OpenAI Agents SDK with FastAPI: Production Web Server Integration Patterns

Why FastAPI and Agents SDK Work Well Together

FastAPI is async-native. The OpenAI Agents SDK is async-native. This alignment means you can run agent loops inside request handlers without blocking other users. No thread pools, no workarounds — just native async/await throughout the stack.

This guide shows you how to build a production web API that exposes agent capabilities to multiple concurrent users with proper session isolation.

Basic Integration: Agent as an Endpoint

The simplest pattern wraps a Runner.run call inside a FastAPI route.

flowchart LR
    INPUT(["User input"])
    AGENT["Agent<br/>name plus instructions"]
    HAND{"Handoff to<br/>another agent?"}
    SUB["Sub-agent<br/>specialist"]
    GUARD{"Guardrail<br/>passed?"}
    TOOL["Tool call"]
    SDK[("Tracing<br/>OpenAI dashboard")]
    OUT(["Final output"])
    INPUT --> AGENT --> HAND
    HAND -->|Yes| SUB --> GUARD
    HAND -->|No| GUARD
    GUARD -->|Yes| TOOL --> AGENT
    GUARD -->|Block| OUT
    AGENT --> OUT
    AGENT --> SDK
    style AGENT fill:#4f46e5,stroke:#4338ca,color:#fff
    style GUARD fill:#f59e0b,stroke:#d97706,color:#1f2937
    style SDK fill:#ede9fe,stroke:#7c3aed,color:#1e1b4b
    style OUT fill:#059669,stroke:#047857,color:#fff

from fastapi import FastAPI, HTTPException
from pydantic import BaseModel
from agents import Agent, Runner

app = FastAPI(title="Agent API")

support_agent = Agent(
    name="support",
    instructions="You are a customer support agent for a SaaS product.",
)

class ChatRequest(BaseModel):
    message: str
    user_id: str

class ChatResponse(BaseModel):
    reply: str
    agent_name: str

@app.post("/chat", response_model=ChatResponse)
async def chat(request: ChatRequest):
    try:
        result = await Runner.run(
            support_agent,
            input=request.message,
        )
        return ChatResponse(
            reply=result.final_output,
            agent_name=result.last_agent.name,
        )
    except Exception as e:
        raise HTTPException(status_code=500, detail=str(e))

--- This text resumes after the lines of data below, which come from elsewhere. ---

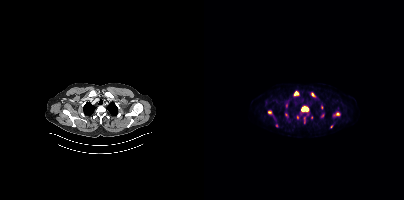
Left: CT. Right: PSMA PET, same axial level, 18F-PSMA tracer. Acquired on Siemens Biograph mCT Flow 20. Slice 339 of 429. PET panel 200×200 px (4.1 mm/px).
Coordinates are on the 200×200 PET (right) panel. PSMA-avid tumor lesion bounding boxes (partial; 2 more foci not listed):
| # | x0 | y0 | x1 | y1 |
|---|---|---|---|---|
| 1 | 97 | 107 | 104 | 110 |
| 2 | 90 | 91 | 94 | 95 |
| 3 | 100 | 117 | 101 | 123 |
Small PSMA-avid foci (2 to 4 px across) near (center x, center y): (65, 112); (133, 114); (82, 104); (117, 107); (108, 94); (93, 117); (72, 125); (127, 126).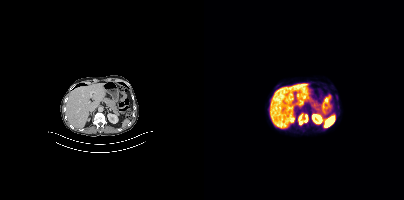
{"modality":"PSMA PET/CT","view":"axial","tracer":"18F-PSMA","pet_grid":[200,200],"coord_frame":"pet_panel","coord_format":"x0,y0,x1,y1","lesion_bboxes":[[94,114,104,124]]}
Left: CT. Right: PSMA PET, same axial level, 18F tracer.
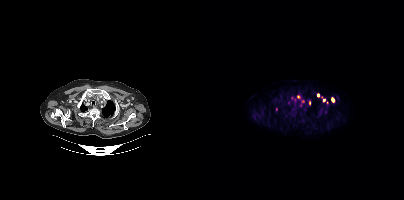
Coordinates are on the 200×200 PET (right) panel. (showing 7 of 10 foci) PSMA-avid tumor lesion bounding boxes (x, y, width, height): x=127 y=97 w=4 h=6 / x=113 y=93 w=3 h=5. Small PSMA-avid foci (2 to 4 px across) near (center x, center y): (94, 96) / (120, 100) / (105, 102) / (72, 109) / (84, 102).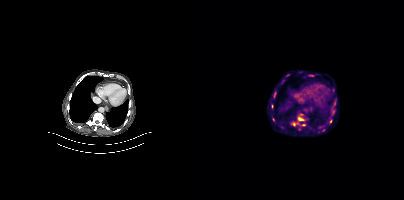
Coordinates are on the 200×200 PET (right) panel. (showing 4 of 6 foci) PSMA-avid tumor lesion bounding boxes (x, y, width, height): x=94 y=117 w=7 h=4 | x=127 y=109 w=5 h=6. Small PSMA-avid foci (2 to 4 px across) near (center x, center y): (90, 124) | (99, 124).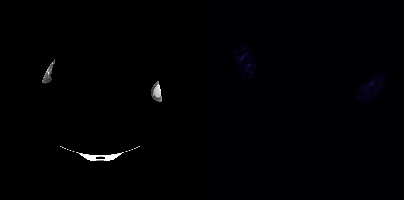
Findings: No PSMA-avid tumor lesions on this slice.
- the head region is masked for de-identification
- Left: CT. Right: PSMA PET, same axial level, [18F]PSMA-1007 tracer
- acquired on Siemens Biograph mCT Flow 20
- slice 417 of 435
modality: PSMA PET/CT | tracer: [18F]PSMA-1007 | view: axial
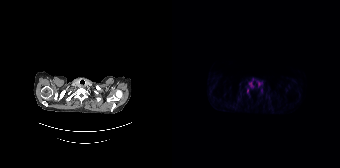
Coordinates are on the 168×168 PET (right) panel. Small PSMA-avid focus (2 to 4 px across) near (center x, center y): (75, 90).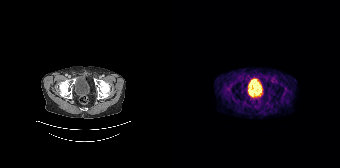
No PSMA-avid tumor lesions on this slice.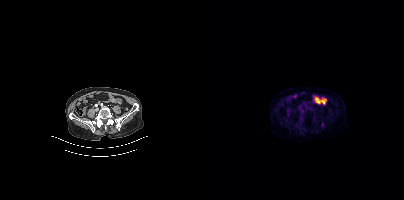
{"modality":"PSMA PET/CT","view":"axial","tracer":"18F","pet_grid":[200,200],"coord_frame":"pet_panel","coord_format":"x0,y0,x1,y1","lesion_bboxes":[],"small_foci_centers":[[118,123]]}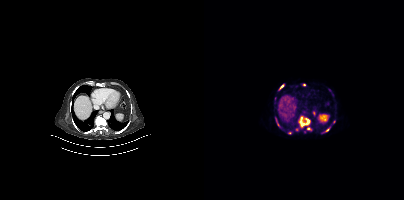
Coordinates are on the 200×200 PET (right) panel. PSMA-avid tumor lesion bounding boxes (partial; 4 more foci not listed):
| # | x0 | y0 | x1 | y1 |
|---|---|---|---|---|
| 1 | 95 | 116 | 105 | 127 |
| 2 | 71 | 117 | 76 | 126 |
Small PSMA-avid foci (2 to 4 px across) near (center x, center y): (104, 128); (123, 129); (78, 85); (86, 132).
Two-panel axial: CT | PSMA PET, [68Ga]Ga-PSMA-11 tracer.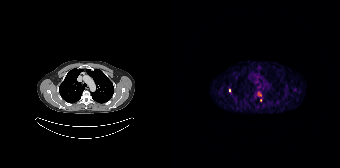
- Paired axial CT (left) and PSMA PET (right), [68Ga]Ga-PSMA-11 tracer
- slice 149 of 195
Findings: Coordinates are on the 168×168 PET (right) panel. (showing 2 of 3 foci) Small PSMA-avid foci (2 to 4 px across) near (center x, center y): (57, 90); (86, 67).

Session Management: Multi-Turn Conversations

Real conversations span multiple requests. You need to persist the conversation state between calls. Here is a session manager that stores history per user.

from datetime import datetime, timedelta
from typing import Any
import uuid

class SessionManager:
    def __init__(self, ttl_minutes: int = 60):
        self._sessions: dict[str, dict[str, Any]] = {}
        self.ttl = timedelta(minutes=ttl_minutes)

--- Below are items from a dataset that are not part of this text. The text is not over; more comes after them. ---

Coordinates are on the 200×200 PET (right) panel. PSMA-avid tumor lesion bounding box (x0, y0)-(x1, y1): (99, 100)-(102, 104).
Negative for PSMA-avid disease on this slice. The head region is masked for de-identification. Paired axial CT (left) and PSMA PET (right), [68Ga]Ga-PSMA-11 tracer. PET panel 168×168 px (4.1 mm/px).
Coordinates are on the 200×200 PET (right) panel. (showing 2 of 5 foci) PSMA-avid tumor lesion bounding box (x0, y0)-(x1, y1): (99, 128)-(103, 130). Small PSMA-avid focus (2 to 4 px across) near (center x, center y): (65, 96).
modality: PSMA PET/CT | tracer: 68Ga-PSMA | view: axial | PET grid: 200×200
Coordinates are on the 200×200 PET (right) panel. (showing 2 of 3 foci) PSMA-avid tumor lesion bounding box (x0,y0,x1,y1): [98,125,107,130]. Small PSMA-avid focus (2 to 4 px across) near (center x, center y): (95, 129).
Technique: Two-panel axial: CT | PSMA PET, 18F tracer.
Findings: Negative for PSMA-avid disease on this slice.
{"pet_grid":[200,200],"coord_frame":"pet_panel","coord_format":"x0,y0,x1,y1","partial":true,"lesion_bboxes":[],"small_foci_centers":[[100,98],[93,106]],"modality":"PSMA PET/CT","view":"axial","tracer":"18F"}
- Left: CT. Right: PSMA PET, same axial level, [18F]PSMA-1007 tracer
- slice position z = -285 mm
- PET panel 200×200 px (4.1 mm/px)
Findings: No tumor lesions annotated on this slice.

    def get_or_create(self, session_id: str) -> dict[str, Any]:
        if session_id not in self._sessions:
            self._sessions[session_id] = {
                "id": session_id,
                "history": [],
                "created_at": datetime.utcnow(),
                "last_active": datetime.utcnow(),
            }
        session = self._sessions[session_id]
        session["last_active"] = datetime.utcnow()
        return session

    def cleanup_expired(self):
        now = datetime.utcnow()
        expired = [
            sid for sid, s in self._sessions.items()
            if now - s["last_active"] > self.ttl
        ]
        for sid in expired:
            del self._sessions[sid]

sessions = SessionManager(ttl_minutes=30)

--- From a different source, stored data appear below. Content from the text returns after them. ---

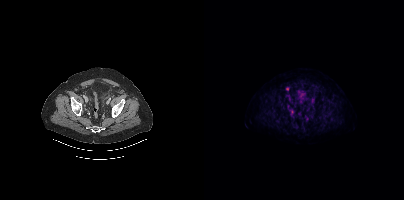
Coordinates are on the 200×200 PET (right) panel. (showing 2 of 3 foci) Small PSMA-avid foci (2 to 4 px across) near (center x, center y): (83, 89); (87, 110). Paired axial CT (left) and PSMA PET (right), 18F-PSMA tracer.
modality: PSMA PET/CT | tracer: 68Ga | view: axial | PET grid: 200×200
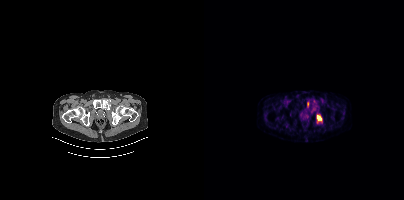
Coordinates are on the 200×200 PET (right) panel. PSMA-avid tumor lesion bounding boxes (x, y, width, height): x=113 y=114 w=6 h=9 / x=103 y=101 w=3 h=7.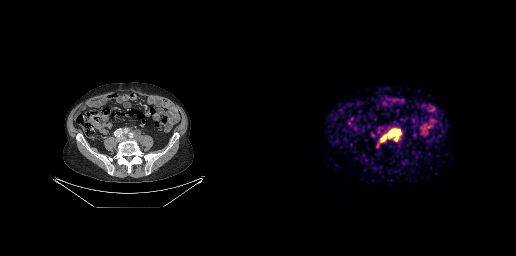
Coordinates are on the 256×256 PET (right) panel. (showing 3 of 4 foci) PSMA-avid tumor lesion bounding boxes (x0, y0)-(x1, y1): (127, 129)-(141, 137); (121, 136)-(125, 141). Small PSMA-avid focus (2 to 4 px across) near (center x, center y): (136, 139).
modality: PSMA PET/CT | tracer: [68Ga]Ga-PSMA-11 | view: axial
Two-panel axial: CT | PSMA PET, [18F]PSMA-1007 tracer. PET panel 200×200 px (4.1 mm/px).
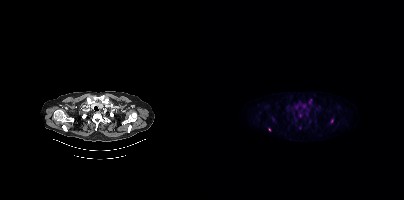
Coordinates are on the 200×200 PET (right) panel. (showing 5 of 7 foci) PSMA-avid tumor lesion bounding box (x, y, width, height): x=68 y=117 w=3 h=5. Small PSMA-avid foci (2 to 4 px across) near (center x, center y): (128, 120) / (96, 128) / (65, 129) / (106, 99).

Multi-Turn Endpoint with History

Now wire the session manager into your endpoint so each request carries forward the conversation.

from agents.items import TResponseInputItem

class MultiTurnRequest(BaseModel):
    message: str
    session_id: str | None = None

class MultiTurnResponse(BaseModel):
    reply: str
    session_id: str
    turn_count: int

@app.post("/chat/session", response_model=MultiTurnResponse)
async def chat_session(request: MultiTurnRequest):
    session_id = request.session_id or str(uuid.uuid4())
    session = sessions.get_or_create(session_id)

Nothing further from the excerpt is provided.